[Records from a data source]
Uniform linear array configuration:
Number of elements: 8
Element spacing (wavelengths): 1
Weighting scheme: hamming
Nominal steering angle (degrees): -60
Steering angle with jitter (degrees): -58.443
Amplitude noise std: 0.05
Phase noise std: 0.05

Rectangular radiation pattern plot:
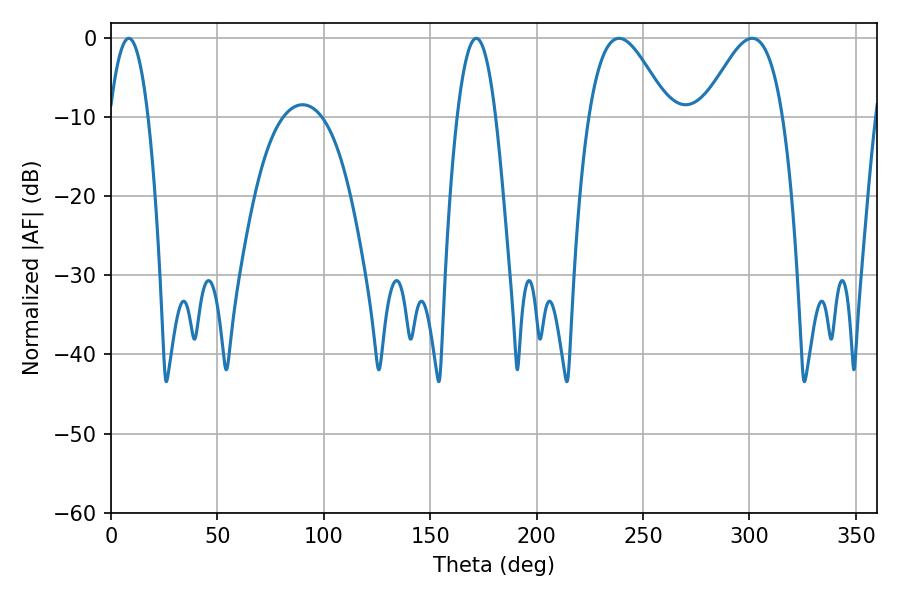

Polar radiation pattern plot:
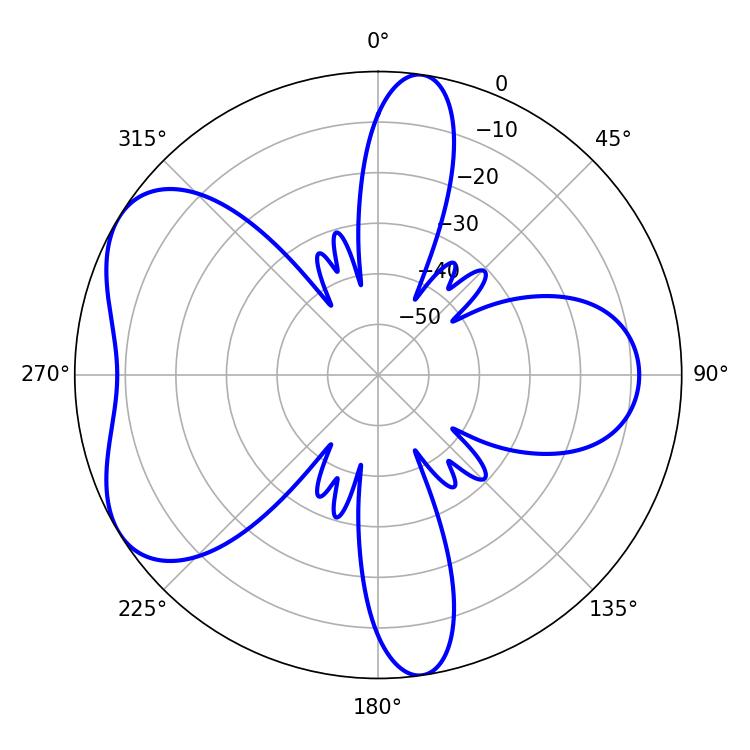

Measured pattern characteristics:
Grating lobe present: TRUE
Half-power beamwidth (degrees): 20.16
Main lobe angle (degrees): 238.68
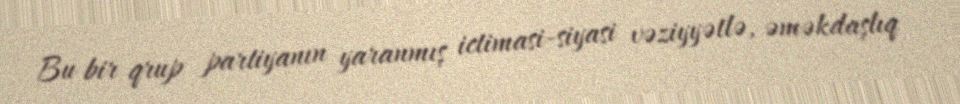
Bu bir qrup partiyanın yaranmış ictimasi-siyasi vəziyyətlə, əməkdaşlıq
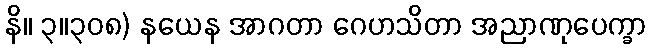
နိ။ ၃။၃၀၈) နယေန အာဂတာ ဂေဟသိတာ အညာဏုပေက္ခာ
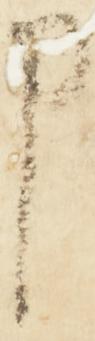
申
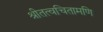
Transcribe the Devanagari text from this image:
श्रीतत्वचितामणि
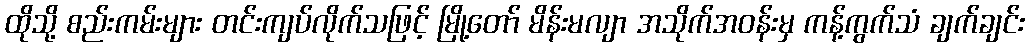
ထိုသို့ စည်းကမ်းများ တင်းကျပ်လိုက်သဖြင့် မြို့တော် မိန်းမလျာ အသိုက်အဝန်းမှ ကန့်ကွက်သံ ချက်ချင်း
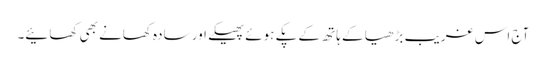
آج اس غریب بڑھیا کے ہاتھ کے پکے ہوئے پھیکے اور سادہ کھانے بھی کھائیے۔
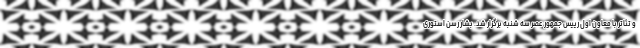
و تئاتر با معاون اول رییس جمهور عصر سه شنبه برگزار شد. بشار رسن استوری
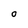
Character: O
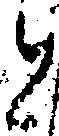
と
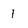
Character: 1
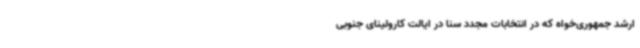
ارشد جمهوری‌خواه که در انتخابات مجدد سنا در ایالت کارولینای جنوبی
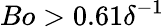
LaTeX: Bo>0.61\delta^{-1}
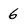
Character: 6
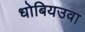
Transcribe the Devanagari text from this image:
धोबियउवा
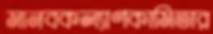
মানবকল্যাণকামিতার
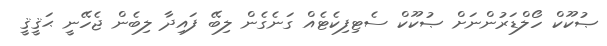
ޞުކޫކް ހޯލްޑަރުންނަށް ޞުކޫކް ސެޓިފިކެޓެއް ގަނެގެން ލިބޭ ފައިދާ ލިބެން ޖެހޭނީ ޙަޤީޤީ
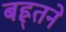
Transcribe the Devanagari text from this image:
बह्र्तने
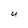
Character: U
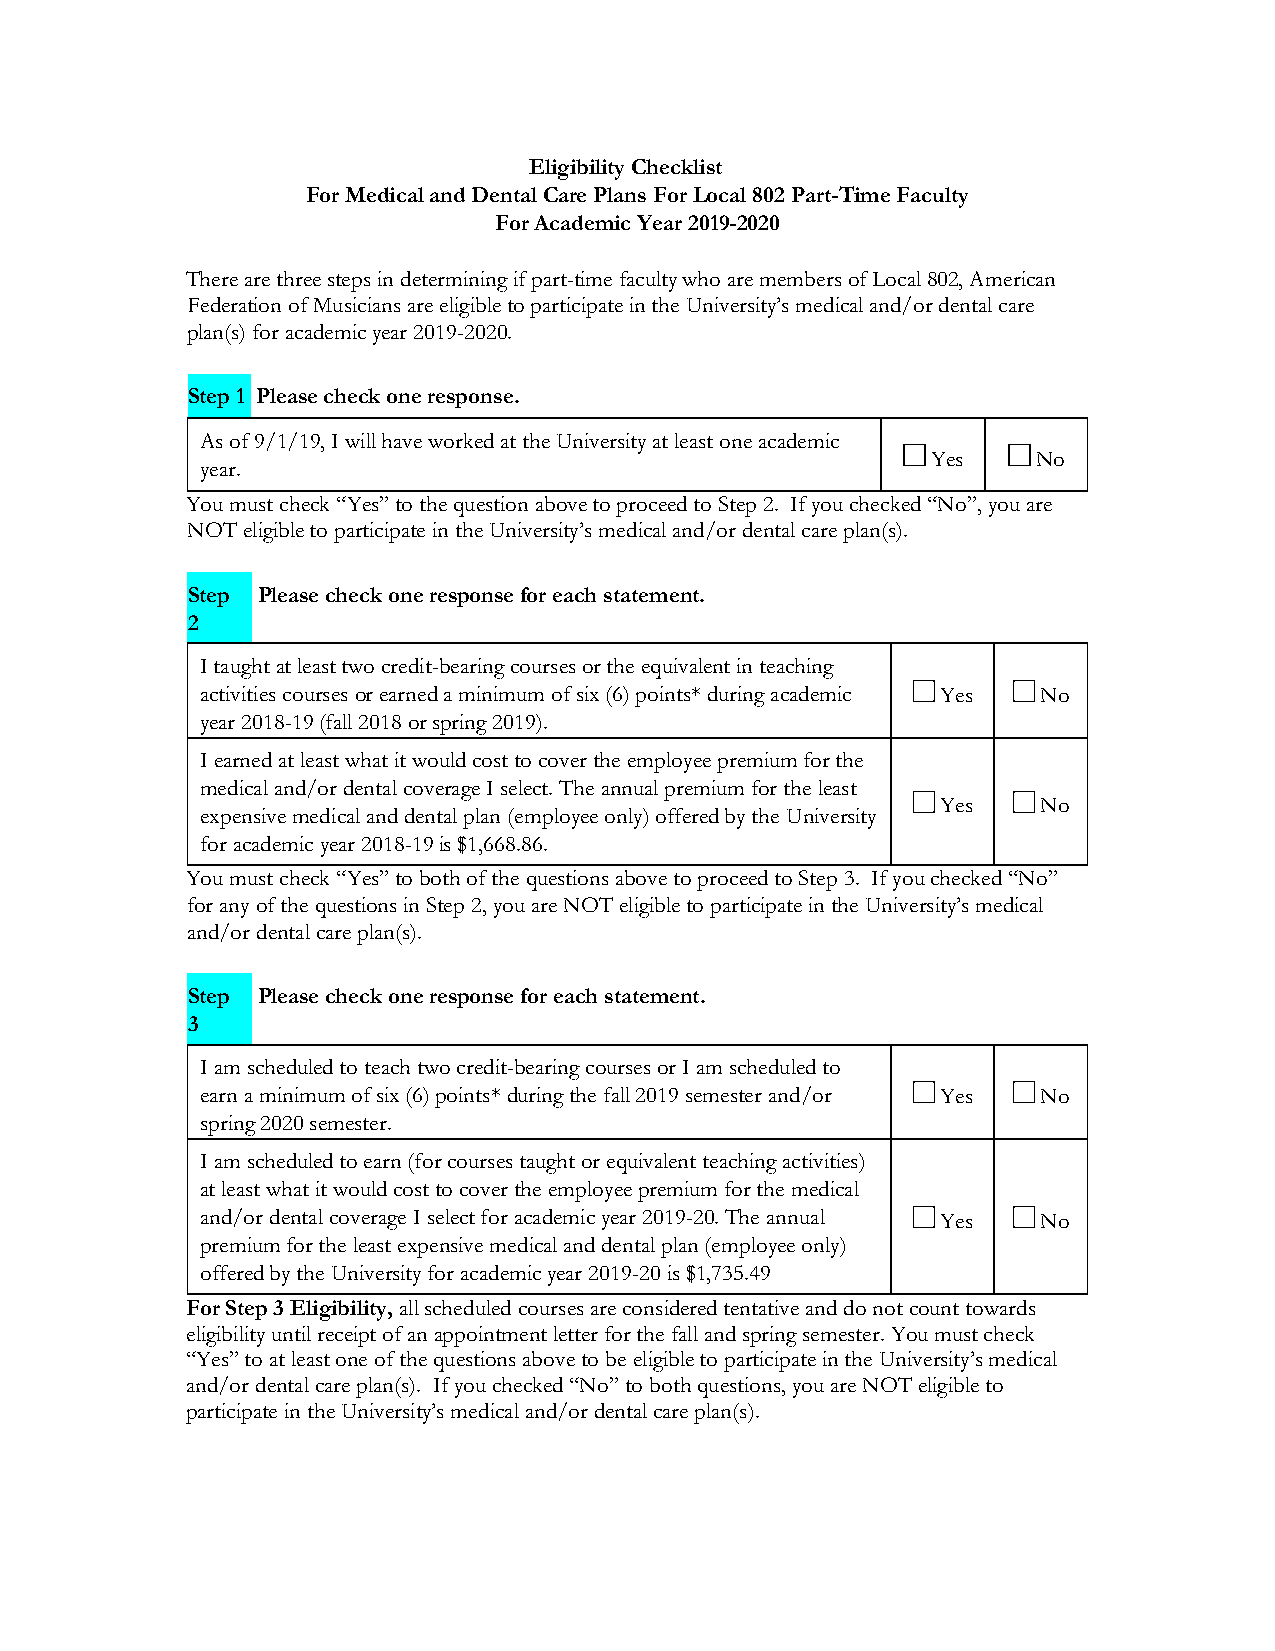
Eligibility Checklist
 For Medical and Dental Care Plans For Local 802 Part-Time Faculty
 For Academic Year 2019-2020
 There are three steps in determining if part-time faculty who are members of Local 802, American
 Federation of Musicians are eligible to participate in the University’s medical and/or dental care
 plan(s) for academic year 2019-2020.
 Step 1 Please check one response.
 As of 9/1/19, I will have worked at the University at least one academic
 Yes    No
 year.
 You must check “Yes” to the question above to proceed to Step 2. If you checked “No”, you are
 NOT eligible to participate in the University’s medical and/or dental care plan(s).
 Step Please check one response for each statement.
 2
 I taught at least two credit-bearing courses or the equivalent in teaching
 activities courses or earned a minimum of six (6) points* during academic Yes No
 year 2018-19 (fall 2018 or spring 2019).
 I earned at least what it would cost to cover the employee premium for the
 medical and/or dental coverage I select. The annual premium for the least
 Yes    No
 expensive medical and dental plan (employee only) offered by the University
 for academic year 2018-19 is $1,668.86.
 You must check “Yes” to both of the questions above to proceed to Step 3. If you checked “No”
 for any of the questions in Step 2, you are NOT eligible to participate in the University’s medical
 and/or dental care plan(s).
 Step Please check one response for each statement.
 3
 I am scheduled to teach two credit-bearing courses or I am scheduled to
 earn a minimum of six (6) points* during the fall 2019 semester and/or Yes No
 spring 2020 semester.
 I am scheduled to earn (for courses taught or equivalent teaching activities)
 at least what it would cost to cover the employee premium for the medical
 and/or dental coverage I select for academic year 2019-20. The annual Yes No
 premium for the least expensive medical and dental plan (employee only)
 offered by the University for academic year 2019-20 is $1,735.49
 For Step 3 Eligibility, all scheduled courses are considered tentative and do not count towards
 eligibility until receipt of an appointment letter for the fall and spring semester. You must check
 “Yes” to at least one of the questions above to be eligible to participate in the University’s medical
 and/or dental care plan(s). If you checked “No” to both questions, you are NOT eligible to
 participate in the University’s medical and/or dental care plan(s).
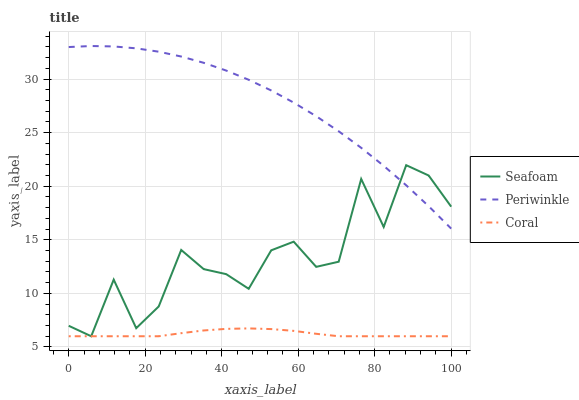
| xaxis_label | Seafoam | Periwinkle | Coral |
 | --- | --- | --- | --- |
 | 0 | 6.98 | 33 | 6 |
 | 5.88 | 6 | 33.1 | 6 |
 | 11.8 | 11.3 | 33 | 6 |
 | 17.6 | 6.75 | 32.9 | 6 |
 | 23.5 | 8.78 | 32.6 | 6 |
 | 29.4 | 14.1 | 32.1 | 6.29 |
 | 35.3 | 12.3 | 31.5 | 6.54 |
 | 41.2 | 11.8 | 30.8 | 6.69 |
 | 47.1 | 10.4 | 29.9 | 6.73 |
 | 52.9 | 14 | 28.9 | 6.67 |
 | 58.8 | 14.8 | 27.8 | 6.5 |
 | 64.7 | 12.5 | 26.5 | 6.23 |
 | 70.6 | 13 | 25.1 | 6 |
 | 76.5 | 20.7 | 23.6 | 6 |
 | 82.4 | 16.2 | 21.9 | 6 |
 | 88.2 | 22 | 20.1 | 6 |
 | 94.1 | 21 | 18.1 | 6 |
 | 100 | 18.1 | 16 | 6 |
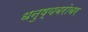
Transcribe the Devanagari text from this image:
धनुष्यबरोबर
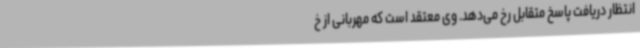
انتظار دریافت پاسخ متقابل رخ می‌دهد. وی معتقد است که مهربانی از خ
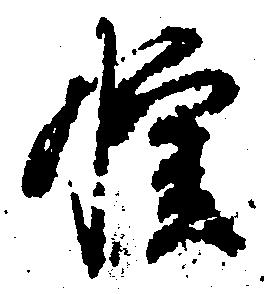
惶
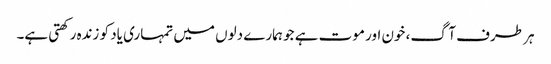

PROBLEM REQUIREMENTS -> Only the number of lines in the data that hold "pattern" should be stated.

FINISHED TASK -> 3